Noemí y Lidia Souza Estrello, eran hijas de un portugués, más cerrado que candado oxidado. Se criaron en la ciudad de La Plata, en un ambiente tenso, como si un polvorín fuera a estallar.
Hicieron la primaria en la Escuela Nº 33 de la calle 8 y 38 y luego el secundario en el Normal Nº2. No se conformaban con los rígidos preceptos morales impuestos por el padre. Tanto fue así que las hermanas hicieron un pacto y se apoyarían durante todos los días en que vieran la luz.

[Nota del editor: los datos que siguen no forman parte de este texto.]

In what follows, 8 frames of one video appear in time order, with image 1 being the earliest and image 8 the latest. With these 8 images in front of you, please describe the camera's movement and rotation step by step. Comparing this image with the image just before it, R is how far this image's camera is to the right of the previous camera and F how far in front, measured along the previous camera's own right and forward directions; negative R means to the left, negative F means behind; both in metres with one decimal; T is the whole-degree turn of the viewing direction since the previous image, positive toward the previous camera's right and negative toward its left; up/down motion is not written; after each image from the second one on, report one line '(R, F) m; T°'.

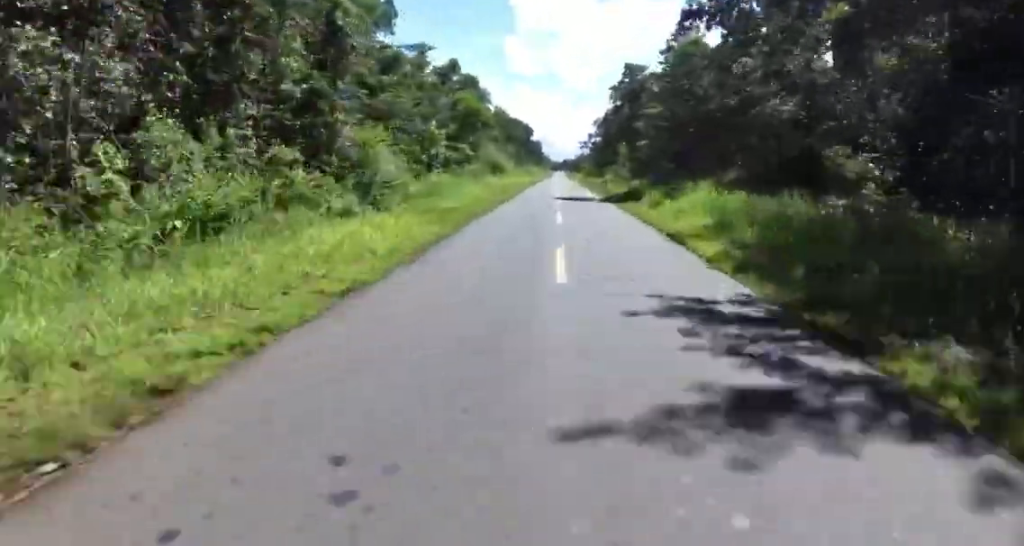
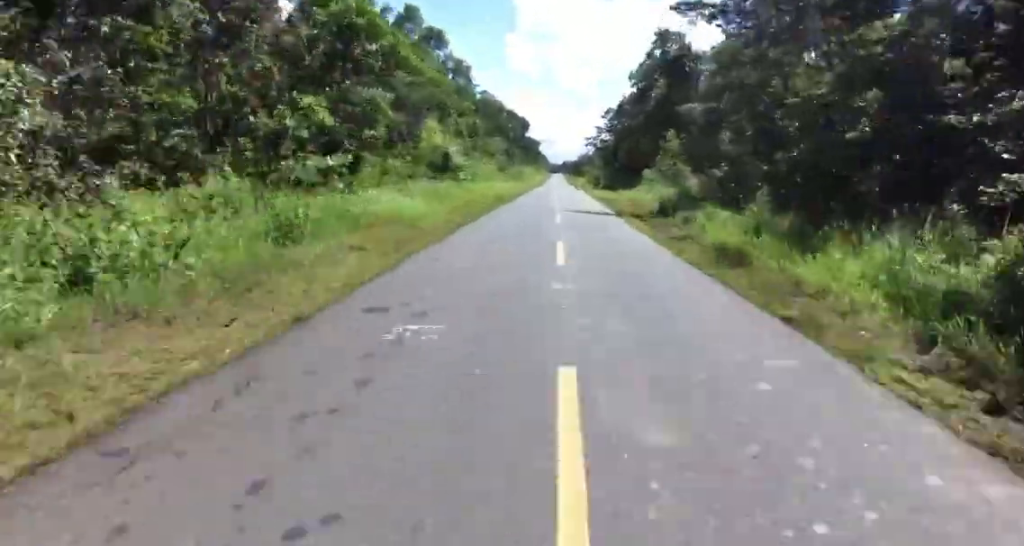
(+0.9, +31.0) m; +1°
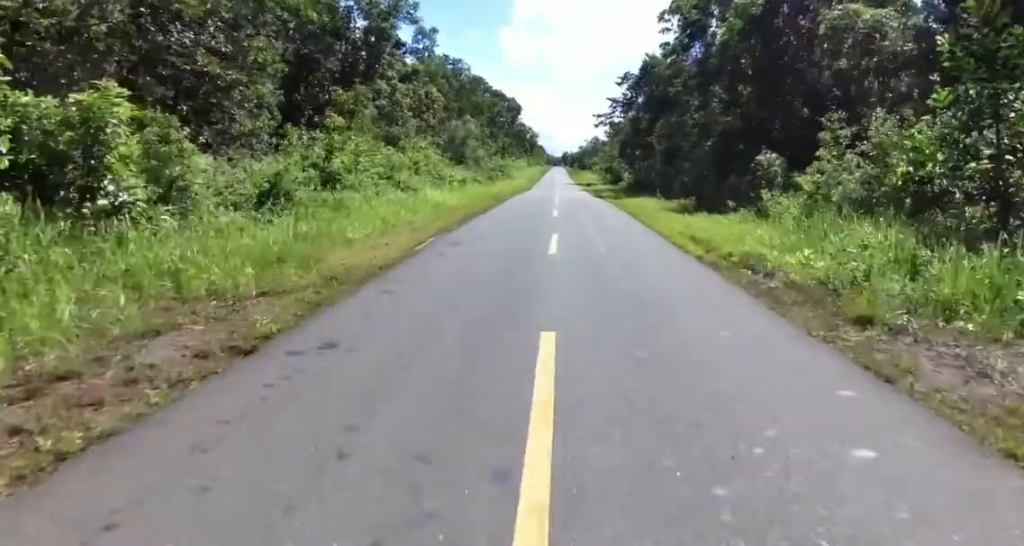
(-1.0, +33.8) m; -1°
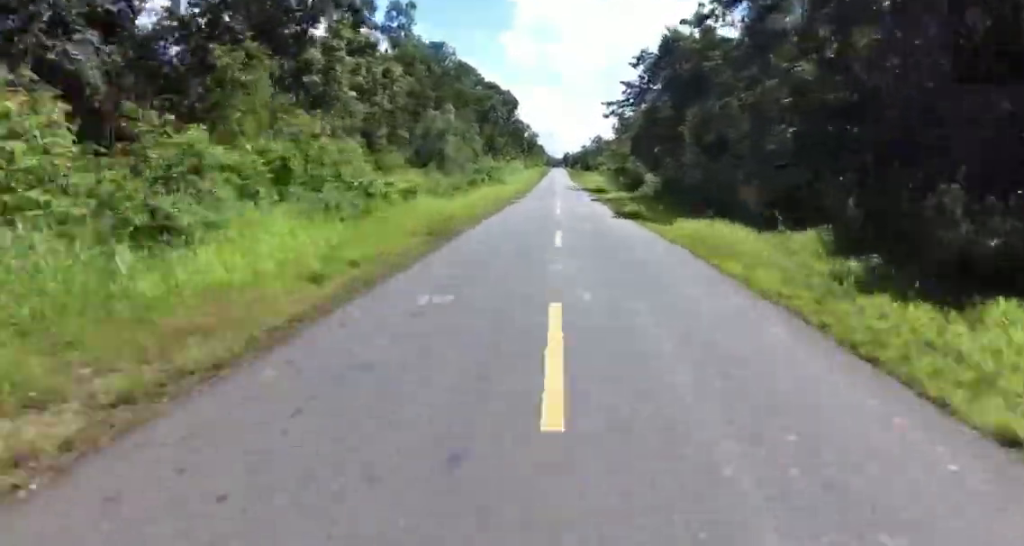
(+0.3, +15.8) m; +1°
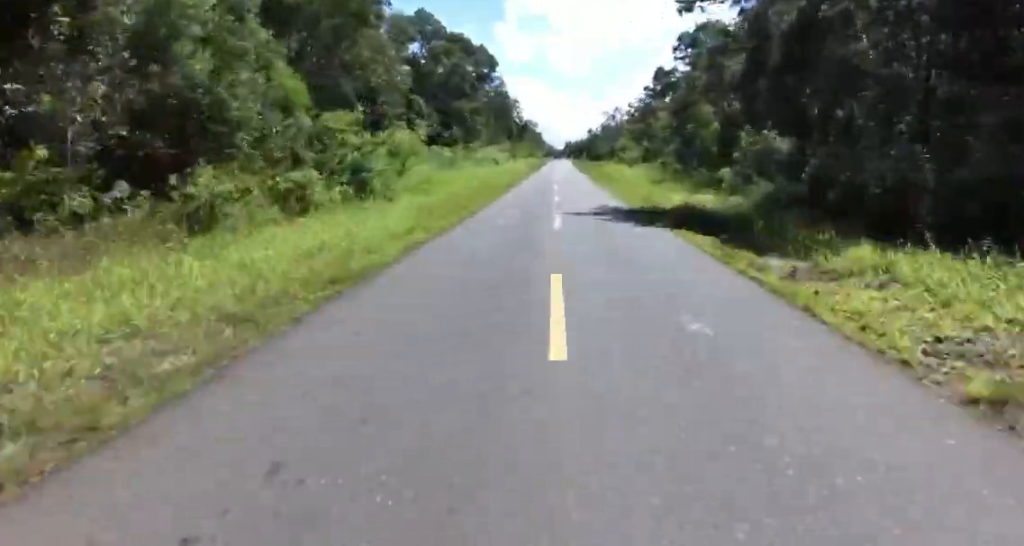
(+0.7, +42.5) m; +2°
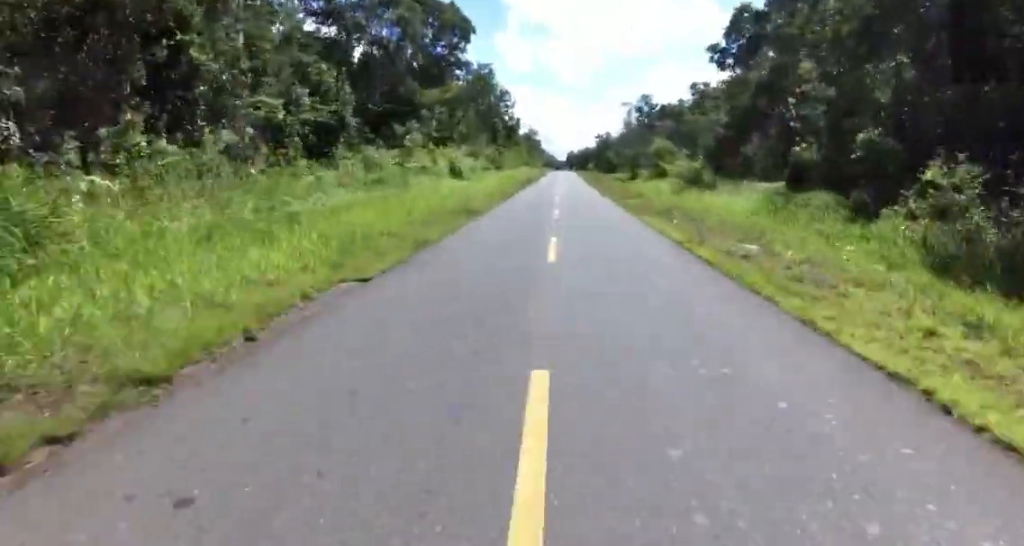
(+0.6, +29.1) m; 0°
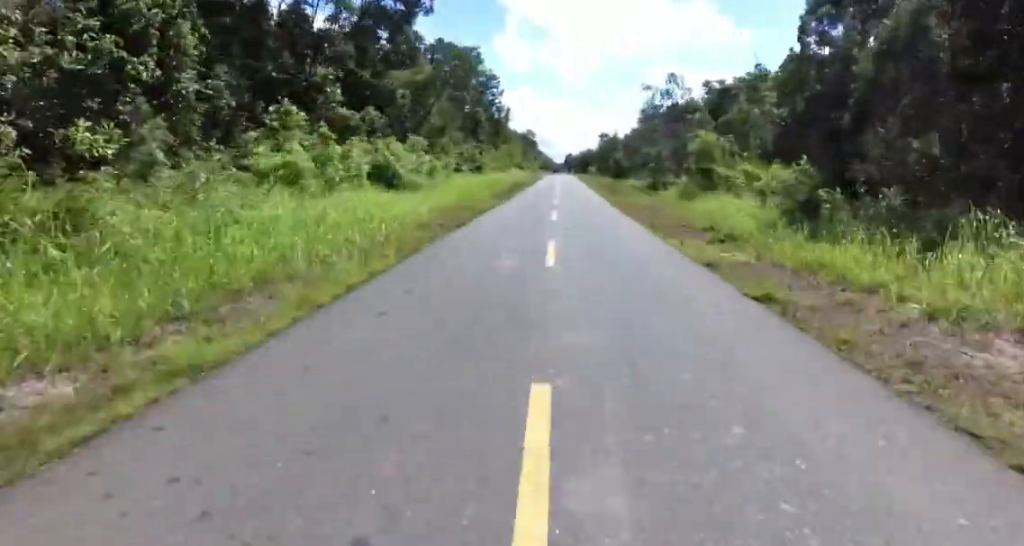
(-0.4, +17.9) m; -1°
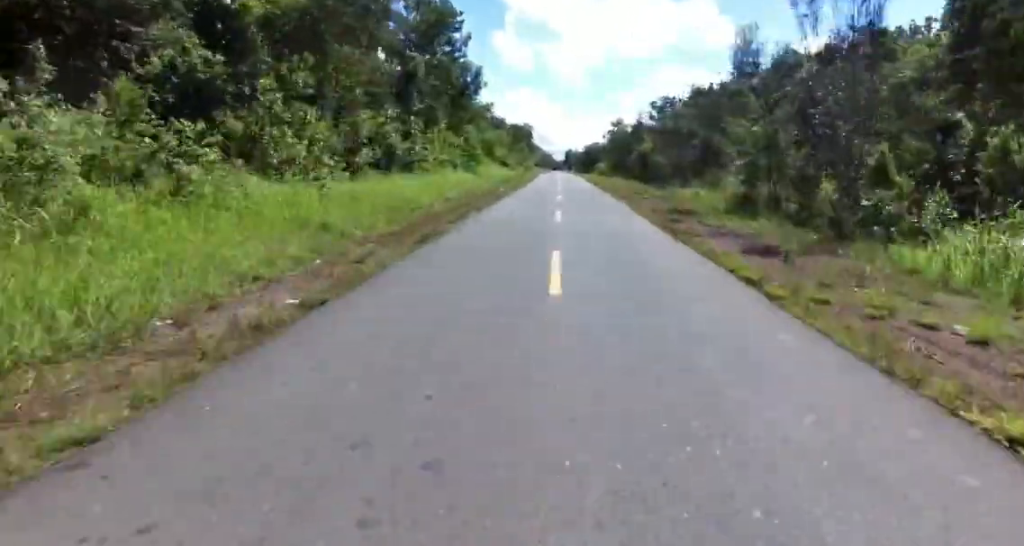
(-0.2, +28.3) m; 0°

Luego de que los silencios señoreaban los ambientes de la casa, las chicas levantaban la aceitada persiana de la ventana del dormitorio, que ocupaban hacia la calle y por riguroso orden una de ellas saltaba y se escabullía hacia las sombras de la noche, la otra acomodaba almohadones, simulando la presencia de una persona en la cama vacía y continuaba el sueño, hasta que escuchaba el llamado externo convenido, entonces sigilosamente abría la entrecerrada persiana, haciendo la entrada triunfal la fugitiva.
Lidia la menor, se enamoró de un joven, con el cual se casó al poco tiempo, con la idea de soltar amarras y lograr la libertad deseada, pero con tanta mala suerte, que a los cuatro años quedó viuda con dos hijitos que mantener.
La mayor Noemí sintiéndose cautiva, decidió estudiar en la Facultad, opción que le abrió puertas y caminos. Se recibió de Analista en Sistemas y comenzó a trabajar en la Dirección de Estadísticas.
Los días del almanaque cayeron vertiginosamente, los padres fallecieron y al poco tiempo Noemí sufrió un accidente automovilístico, que la dejó postrada de por vida.
Lidia volvió a la casa paterna, a cuidar de Noemí, nada hacía pensar, que un día los vecinos preocupados por horas de ausencias, llamaran a las hurañas hermanas para saber de ellas. Como no respondieron a los reclamos, denunciaron a la policía y bomberos de la situación. Estos últimos voltearon la puerta de calle, un fuerte olor a gas los recibió y un demoledor panorama. Paso a paso fue clarificando los hechos.